Sorry, ML noob here. Trying to use the colab guide and the finetuning step doesn't seem to work.

2021-07-04 03:20:56.228130: I tensorflow/stream_executor/platform/default/dso_loader.cc:53] Successfully opened dynamic library libcudart.so.11.0
WARNING:tensorflow:From /usr/local/lib/python3.7/dist-packages/tensorflow/python/compat/v2_compat.py:96: disable_resource_variables (from tensorflow.python.ops.variable_scope) is deprecated and will be removed in a future version.

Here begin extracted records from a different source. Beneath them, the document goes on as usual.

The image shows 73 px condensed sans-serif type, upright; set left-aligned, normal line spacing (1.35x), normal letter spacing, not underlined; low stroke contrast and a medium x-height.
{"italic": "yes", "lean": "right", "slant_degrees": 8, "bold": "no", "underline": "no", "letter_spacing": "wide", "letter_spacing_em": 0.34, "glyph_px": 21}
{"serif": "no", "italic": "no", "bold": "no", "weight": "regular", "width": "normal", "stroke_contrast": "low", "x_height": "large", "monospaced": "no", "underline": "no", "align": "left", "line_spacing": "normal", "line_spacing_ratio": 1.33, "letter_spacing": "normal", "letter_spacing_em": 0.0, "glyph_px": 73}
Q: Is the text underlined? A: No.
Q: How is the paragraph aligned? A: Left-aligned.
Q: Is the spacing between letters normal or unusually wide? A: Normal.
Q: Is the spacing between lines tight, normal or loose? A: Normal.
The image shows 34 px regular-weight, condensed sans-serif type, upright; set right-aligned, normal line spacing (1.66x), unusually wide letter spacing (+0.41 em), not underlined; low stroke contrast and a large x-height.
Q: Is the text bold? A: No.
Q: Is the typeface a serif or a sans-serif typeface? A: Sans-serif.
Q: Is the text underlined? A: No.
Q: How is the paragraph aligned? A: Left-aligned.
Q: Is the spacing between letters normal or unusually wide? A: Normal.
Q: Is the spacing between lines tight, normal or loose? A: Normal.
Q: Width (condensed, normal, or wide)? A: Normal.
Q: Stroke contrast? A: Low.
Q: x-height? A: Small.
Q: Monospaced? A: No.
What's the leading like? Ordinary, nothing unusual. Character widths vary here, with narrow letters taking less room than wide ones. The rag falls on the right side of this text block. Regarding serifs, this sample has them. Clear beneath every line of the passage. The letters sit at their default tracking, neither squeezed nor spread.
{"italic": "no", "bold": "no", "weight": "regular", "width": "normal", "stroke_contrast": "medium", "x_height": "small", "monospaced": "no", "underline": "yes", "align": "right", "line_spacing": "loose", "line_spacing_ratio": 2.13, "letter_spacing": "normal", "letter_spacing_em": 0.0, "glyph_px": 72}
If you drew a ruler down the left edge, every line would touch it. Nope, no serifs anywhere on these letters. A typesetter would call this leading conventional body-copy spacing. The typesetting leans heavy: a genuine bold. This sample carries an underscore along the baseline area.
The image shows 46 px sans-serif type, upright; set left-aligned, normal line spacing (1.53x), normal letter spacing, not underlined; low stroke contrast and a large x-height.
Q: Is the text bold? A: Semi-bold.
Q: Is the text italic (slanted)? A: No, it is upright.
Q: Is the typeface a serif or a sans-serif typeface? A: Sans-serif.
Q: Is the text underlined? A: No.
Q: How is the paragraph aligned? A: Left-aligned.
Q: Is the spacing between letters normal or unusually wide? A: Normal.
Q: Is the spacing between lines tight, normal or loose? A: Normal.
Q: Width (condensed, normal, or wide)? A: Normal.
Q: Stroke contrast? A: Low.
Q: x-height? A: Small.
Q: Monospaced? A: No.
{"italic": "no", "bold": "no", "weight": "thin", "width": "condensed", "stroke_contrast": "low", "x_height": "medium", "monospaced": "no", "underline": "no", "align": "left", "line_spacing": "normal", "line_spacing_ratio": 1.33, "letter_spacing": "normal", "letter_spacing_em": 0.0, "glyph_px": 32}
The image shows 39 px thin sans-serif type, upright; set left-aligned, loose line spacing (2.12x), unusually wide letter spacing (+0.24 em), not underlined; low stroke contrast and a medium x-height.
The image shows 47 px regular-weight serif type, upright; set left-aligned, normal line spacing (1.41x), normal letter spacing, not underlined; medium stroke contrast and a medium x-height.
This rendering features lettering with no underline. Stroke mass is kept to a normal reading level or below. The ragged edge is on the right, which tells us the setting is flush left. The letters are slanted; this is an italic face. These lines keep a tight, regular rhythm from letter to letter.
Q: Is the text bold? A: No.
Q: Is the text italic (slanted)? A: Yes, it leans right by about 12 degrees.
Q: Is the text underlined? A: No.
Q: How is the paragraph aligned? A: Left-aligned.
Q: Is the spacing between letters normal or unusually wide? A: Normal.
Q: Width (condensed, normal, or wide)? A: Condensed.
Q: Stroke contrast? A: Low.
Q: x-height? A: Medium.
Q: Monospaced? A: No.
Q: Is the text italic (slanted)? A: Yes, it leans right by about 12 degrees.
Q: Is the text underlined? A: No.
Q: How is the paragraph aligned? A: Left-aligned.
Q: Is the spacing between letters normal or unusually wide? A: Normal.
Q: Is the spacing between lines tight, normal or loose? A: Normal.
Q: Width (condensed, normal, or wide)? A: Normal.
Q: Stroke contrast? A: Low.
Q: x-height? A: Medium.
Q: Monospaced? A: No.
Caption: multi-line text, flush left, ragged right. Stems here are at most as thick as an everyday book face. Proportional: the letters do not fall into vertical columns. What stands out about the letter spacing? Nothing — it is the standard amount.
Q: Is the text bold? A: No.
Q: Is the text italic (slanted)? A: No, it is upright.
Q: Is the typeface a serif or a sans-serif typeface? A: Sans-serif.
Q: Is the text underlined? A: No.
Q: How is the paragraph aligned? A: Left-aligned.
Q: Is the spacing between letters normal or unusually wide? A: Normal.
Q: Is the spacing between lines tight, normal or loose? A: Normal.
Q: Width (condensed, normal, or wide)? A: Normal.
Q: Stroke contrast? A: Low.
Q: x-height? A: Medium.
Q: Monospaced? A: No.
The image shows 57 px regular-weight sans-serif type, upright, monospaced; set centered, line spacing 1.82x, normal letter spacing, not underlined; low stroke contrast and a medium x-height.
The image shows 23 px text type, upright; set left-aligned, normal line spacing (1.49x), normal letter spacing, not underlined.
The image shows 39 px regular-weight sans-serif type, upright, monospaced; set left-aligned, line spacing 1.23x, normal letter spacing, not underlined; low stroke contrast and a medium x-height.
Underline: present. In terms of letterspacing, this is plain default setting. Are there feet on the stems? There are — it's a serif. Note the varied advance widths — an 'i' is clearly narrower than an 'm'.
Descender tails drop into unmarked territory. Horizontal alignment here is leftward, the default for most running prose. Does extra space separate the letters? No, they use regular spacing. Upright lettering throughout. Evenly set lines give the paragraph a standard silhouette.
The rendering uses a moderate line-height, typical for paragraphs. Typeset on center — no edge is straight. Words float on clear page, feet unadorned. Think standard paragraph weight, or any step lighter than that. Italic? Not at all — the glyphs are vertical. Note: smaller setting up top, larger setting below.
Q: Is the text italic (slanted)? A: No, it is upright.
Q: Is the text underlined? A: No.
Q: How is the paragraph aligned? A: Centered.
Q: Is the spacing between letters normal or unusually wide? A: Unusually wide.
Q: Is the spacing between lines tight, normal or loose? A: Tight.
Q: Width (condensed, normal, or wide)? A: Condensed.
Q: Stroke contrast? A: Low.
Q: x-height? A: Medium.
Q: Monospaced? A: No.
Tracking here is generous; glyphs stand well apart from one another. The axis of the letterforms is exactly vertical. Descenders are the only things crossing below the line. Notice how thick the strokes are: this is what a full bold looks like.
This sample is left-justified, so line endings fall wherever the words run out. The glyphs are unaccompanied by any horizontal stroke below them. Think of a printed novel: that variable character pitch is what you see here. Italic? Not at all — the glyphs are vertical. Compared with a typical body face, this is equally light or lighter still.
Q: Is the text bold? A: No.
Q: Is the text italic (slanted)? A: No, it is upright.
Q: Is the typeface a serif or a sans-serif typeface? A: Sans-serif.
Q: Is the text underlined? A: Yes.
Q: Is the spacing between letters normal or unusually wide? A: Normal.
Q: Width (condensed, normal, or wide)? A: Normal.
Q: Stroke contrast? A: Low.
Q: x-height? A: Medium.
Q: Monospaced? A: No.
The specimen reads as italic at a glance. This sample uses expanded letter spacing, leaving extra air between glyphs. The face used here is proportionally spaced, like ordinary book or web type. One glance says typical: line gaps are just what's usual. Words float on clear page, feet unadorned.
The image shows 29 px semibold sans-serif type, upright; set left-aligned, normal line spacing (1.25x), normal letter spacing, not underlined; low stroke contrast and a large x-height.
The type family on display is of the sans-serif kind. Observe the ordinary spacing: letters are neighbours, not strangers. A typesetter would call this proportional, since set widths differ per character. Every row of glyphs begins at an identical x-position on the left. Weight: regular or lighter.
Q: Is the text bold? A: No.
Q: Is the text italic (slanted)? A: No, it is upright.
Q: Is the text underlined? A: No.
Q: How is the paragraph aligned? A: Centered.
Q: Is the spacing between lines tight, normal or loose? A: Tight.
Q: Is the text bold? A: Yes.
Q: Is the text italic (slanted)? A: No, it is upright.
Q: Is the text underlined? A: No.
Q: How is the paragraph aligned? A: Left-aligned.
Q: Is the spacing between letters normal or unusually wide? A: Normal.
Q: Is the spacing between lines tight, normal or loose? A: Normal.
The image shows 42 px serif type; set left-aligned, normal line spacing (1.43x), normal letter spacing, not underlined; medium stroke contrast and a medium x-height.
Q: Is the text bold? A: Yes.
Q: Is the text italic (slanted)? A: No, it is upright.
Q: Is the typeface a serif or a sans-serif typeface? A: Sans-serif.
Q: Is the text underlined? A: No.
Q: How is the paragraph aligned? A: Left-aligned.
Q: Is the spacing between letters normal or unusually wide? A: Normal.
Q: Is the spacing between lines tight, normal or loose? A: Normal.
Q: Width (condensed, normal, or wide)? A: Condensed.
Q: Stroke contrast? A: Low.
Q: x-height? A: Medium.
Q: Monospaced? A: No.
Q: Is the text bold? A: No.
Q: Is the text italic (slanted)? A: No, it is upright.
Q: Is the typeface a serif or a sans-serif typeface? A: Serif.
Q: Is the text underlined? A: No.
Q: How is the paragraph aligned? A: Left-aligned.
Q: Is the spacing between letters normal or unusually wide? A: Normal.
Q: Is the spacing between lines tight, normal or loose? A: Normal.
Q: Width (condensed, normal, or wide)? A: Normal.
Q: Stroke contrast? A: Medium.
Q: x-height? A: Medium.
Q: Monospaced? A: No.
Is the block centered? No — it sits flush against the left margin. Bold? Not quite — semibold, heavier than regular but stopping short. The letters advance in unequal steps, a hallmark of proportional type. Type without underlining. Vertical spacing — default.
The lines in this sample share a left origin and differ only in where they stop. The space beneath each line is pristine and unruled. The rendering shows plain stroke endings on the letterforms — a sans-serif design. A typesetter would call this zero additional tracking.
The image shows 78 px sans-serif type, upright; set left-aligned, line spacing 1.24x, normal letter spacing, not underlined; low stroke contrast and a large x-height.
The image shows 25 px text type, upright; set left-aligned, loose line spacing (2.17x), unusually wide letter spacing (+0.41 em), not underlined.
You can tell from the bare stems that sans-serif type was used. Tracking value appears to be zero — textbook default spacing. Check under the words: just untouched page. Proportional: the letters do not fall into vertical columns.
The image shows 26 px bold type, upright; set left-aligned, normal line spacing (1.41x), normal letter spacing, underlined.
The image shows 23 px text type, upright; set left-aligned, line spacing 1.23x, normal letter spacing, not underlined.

Instructions for updating:
non-resource variables are not supported in the long term
Current step 400000
Saving config to gs://mcstories/GPT3_2-7B
2021-07-04 03:21:02.008931: I tensorflow/stream_executor/platform/default/dso_loader.cc:53] Successfully opened dynamic library libcuda.so.1
2021-07-04 03:21:02.020322: E tensorflow/stream_executor/cuda/cuda_driver.cc:328] failed call to cuInit: CUDA_ERROR_NO_DEVICE: no CUDA-capable device is detected
2021-07-04 03:21:02.020389: I tensorflow/stream_executor/cuda/cuda_diagnostics.cc:156] kernel driver does not appear to be running on this host (f01fb2d6dc70): /proc/driver/nvidia/version does not exist
Done!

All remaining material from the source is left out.